>>>>>

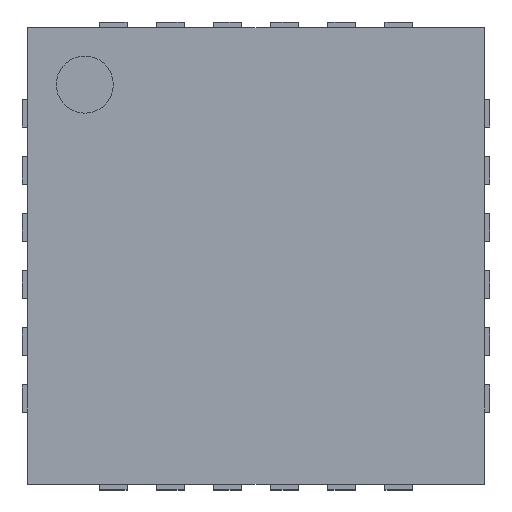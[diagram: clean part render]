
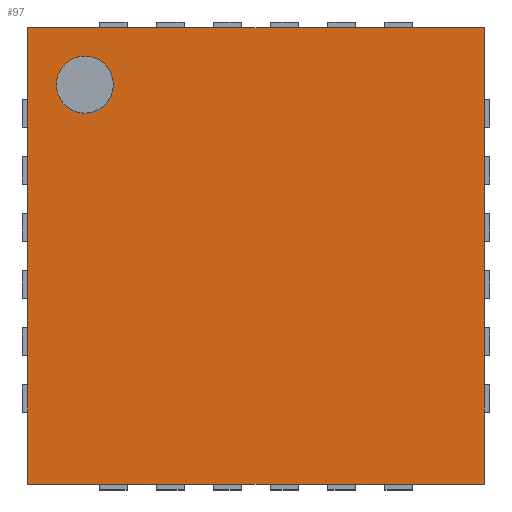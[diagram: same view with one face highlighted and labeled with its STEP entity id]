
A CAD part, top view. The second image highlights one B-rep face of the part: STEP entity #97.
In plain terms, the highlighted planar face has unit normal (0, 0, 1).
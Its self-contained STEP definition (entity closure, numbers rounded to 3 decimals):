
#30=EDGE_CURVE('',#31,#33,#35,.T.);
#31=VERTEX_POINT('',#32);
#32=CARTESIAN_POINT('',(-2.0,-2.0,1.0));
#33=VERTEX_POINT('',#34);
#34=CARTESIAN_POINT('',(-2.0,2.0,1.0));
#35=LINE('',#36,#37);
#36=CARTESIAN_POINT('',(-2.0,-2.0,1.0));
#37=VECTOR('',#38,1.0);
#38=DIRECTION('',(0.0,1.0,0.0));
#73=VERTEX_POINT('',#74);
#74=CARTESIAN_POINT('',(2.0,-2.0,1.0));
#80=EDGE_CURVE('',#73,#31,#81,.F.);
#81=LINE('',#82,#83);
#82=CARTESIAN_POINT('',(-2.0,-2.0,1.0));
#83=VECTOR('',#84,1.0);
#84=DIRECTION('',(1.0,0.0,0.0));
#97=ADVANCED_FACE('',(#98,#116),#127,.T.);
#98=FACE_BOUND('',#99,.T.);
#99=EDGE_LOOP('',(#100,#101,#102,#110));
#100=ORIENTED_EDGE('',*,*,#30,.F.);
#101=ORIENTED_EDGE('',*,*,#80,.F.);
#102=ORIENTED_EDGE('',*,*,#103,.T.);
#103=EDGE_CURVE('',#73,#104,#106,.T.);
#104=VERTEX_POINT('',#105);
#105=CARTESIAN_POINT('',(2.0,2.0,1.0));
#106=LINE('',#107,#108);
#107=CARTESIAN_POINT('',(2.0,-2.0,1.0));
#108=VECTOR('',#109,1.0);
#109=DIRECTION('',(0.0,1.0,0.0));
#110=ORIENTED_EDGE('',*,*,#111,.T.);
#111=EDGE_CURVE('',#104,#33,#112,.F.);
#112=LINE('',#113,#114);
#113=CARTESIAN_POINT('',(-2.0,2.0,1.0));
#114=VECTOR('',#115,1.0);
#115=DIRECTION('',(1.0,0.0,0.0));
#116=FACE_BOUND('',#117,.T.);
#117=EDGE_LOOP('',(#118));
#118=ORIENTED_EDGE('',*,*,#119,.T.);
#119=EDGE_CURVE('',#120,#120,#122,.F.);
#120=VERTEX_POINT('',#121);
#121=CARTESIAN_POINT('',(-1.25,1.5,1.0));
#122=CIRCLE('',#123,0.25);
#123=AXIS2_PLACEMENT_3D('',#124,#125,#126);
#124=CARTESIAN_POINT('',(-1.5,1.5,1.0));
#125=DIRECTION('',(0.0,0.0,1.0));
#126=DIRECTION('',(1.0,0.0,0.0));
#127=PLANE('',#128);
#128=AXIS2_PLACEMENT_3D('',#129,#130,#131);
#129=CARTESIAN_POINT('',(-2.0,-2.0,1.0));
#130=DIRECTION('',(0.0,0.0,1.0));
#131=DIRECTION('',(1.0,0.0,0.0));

<<<<<

■ **INSTRUCTIONS FOR THE TASK**
Filter the entries down to the lines with the word "DIRECTION" in them.

■ **OUTPUT FOR THIS EXERCISE**
#38=DIRECTION('',(0.0,1.0,0.0));
#84=DIRECTION('',(1.0,0.0,0.0));
#109=DIRECTION('',(0.0,1.0,0.0));
#115=DIRECTION('',(1.0,0.0,0.0));
#125=DIRECTION('',(0.0,0.0,1.0));
#126=DIRECTION('',(1.0,0.0,0.0));
#130=DIRECTION('',(0.0,0.0,1.0));
#131=DIRECTION('',(1.0,0.0,0.0));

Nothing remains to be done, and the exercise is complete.